> [Problem]: Give back the lines below verbatim, omitting all pictures.
--------------------------------------------------
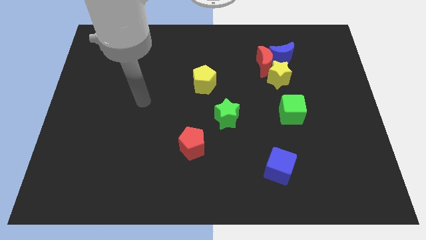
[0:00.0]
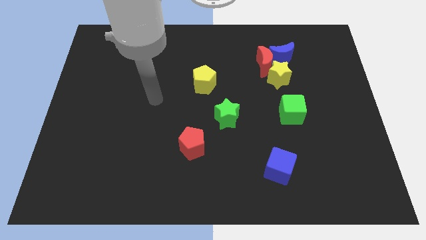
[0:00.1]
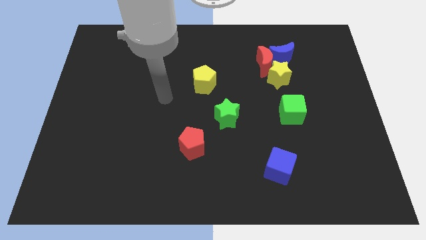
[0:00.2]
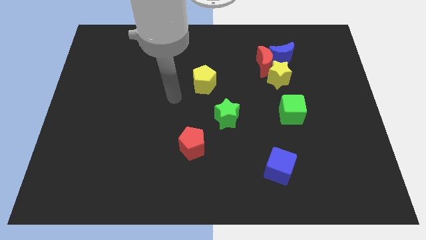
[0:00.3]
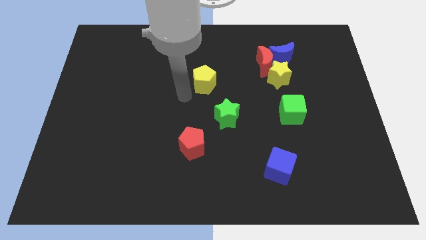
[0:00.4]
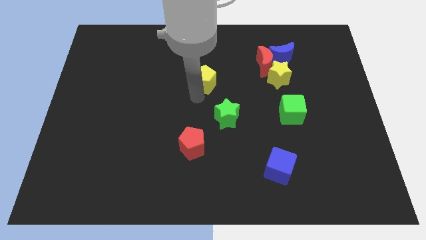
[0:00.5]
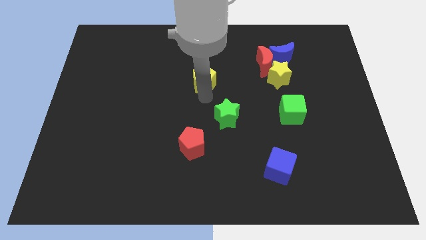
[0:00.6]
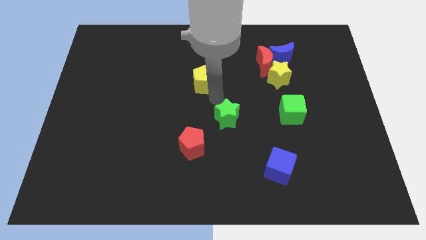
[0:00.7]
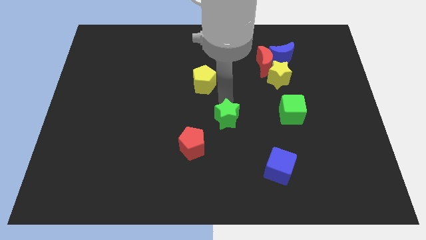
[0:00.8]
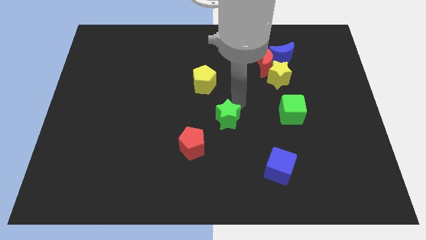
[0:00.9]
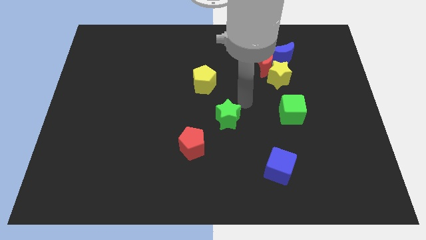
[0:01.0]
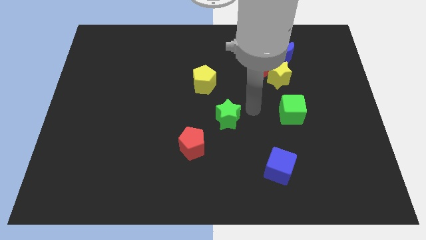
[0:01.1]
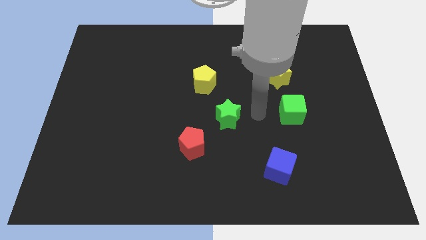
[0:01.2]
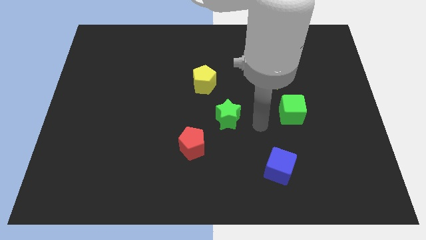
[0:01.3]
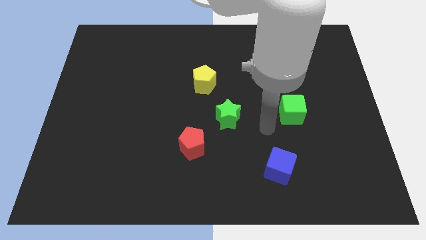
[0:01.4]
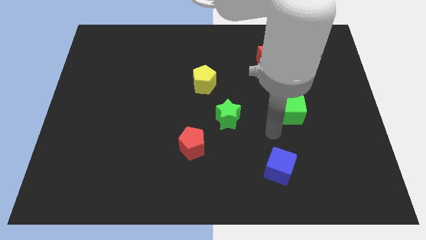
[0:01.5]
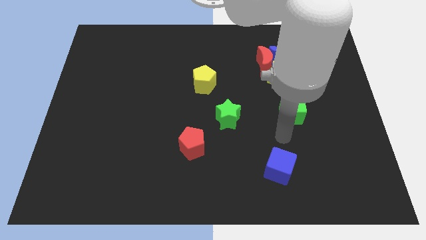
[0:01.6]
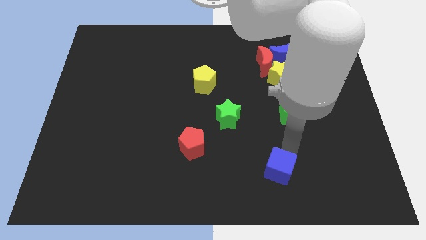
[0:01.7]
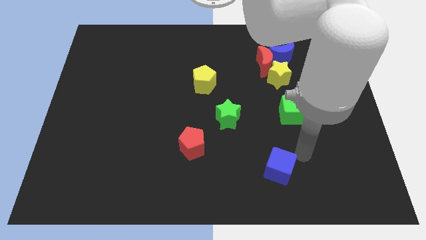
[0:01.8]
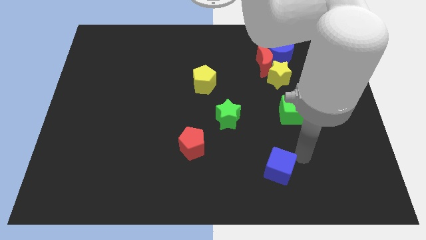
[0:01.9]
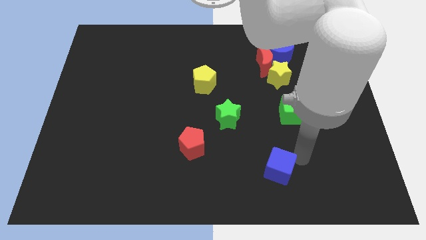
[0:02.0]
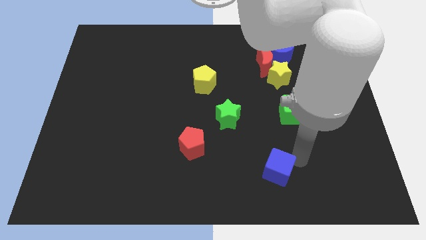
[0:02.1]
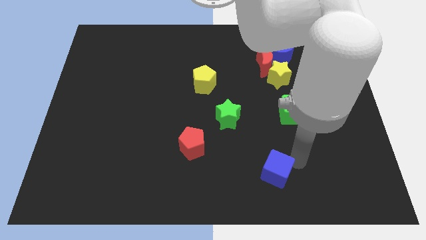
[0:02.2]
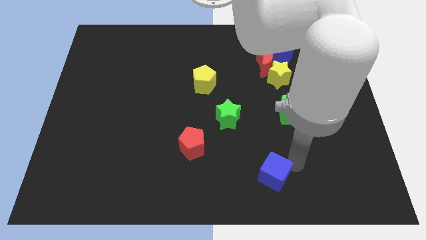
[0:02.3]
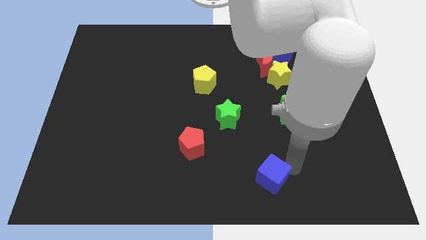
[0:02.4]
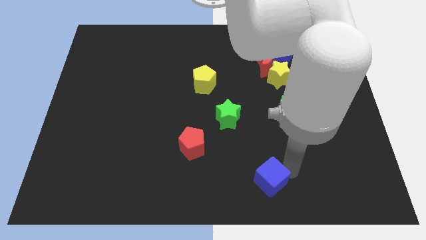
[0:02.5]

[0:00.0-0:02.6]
--------------------------------------------------
> [Exercise response]:
[0:00.0]
[0:00.1]
[0:00.2]
[0:00.3]
[0:00.4]
[0:00.5]
[0:00.6]
[0:00.7]
[0:00.8]
[0:00.9]
[0:01.0]
[0:01.1]
[0:01.2]
[0:01.3]
[0:01.4]
[0:01.5]
[0:01.6]
[0:01.7]
[0:01.8]
[0:01.9]
[0:02.0]
[0:02.1]
[0:02.2]
[0:02.3]
[0:02.4]
[0:02.5]

[0:00.0-0:02.6]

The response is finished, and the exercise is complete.